_EXERCISE REQUIREMENTS_
Whatever appears in the records should be given again exactly, down to the last mark.

_INFORMATION_

= = = = = = =

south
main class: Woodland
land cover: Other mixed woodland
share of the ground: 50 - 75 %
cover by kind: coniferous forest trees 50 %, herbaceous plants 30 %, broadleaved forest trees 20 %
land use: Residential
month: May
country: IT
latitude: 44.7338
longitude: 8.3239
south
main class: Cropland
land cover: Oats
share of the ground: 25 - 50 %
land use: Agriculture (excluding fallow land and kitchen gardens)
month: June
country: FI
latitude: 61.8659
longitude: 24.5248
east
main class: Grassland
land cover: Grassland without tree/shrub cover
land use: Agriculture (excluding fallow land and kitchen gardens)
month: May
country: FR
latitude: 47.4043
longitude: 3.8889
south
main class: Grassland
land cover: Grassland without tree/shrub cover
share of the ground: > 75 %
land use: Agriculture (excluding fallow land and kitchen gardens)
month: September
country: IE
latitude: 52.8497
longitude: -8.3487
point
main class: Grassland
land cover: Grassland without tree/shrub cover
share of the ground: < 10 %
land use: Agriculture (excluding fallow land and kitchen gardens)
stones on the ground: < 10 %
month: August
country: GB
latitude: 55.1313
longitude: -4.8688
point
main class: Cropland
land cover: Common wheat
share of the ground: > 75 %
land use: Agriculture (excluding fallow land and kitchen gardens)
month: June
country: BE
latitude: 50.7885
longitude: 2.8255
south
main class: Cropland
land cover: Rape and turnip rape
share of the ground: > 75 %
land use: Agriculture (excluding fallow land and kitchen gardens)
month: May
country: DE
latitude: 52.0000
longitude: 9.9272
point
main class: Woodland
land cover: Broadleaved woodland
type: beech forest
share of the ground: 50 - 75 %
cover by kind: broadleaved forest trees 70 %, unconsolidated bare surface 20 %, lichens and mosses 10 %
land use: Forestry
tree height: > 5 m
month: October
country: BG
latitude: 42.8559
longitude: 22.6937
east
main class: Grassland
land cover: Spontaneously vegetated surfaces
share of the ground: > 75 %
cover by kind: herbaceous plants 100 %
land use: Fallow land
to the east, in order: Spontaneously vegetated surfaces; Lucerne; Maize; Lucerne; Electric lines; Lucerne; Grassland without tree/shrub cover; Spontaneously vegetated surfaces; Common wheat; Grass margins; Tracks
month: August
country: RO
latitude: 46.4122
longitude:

= = = = = = =

_SOLUTION TO THIS PROBLEM_
south
main class: Woodland
land cover: Other mixed woodland
share of the ground: 50 - 75 %
cover by kind: coniferous forest trees 50 %, herbaceous plants 30 %, broadleaved forest trees 20 %
land use: Residential
month: May
country: IT
latitude: 44.7338
longitude: 8.3239
south
main class: Cropland
land cover: Oats
share of the ground: 25 - 50 %
land use: Agriculture (excluding fallow land and kitchen gardens)
month: June
country: FI
latitude: 61.8659
longitude: 24.5248
east
main class: Grassland
land cover: Grassland without tree/shrub cover
land use: Agriculture (excluding fallow land and kitchen gardens)
month: May
country: FR
latitude: 47.4043
longitude: 3.8889
south
main class: Grassland
land cover: Grassland without tree/shrub cover
share of the ground: > 75 %
land use: Agriculture (excluding fallow land and kitchen gardens)
month: September
country: IE
latitude: 52.8497
longitude: -8.3487
point
main class: Grassland
land cover: Grassland without tree/shrub cover
share of the ground: < 10 %
land use: Agriculture (excluding fallow land and kitchen gardens)
stones on the ground: < 10 %
month: August
country: GB
latitude: 55.1313
longitude: -4.8688
point
main class: Cropland
land cover: Common wheat
share of the ground: > 75 %
land use: Agriculture (excluding fallow land and kitchen gardens)
month: June
country: BE
latitude: 50.7885
longitude: 2.8255
south
main class: Cropland
land cover: Rape and turnip rape
share of the ground: > 75 %
land use: Agriculture (excluding fallow land and kitchen gardens)
month: May
country: DE
latitude: 52.0000
longitude: 9.9272
point
main class: Woodland
land cover: Broadleaved woodland
type: beech forest
share of the ground: 50 - 75 %
cover by kind: broadleaved forest trees 70 %, unconsolidated bare surface 20 %, lichens and mosses 10 %
land use: Forestry
tree height: > 5 m
month: October
country: BG
latitude: 42.8559
longitude: 22.6937
east
main class: Grassland
land cover: Spontaneously vegetated surfaces
share of the ground: > 75 %
cover by kind: herbaceous plants 100 %
land use: Fallow land
to the east, in order: Spontaneously vegetated surfaces; Lucerne; Maize; Lucerne; Electric lines; Lucerne; Grassland without tree/shrub cover; Spontaneously vegetated surfaces; Common wheat; Grass margins; Tracks
month: August
country: RO
latitude: 46.4122
longitude:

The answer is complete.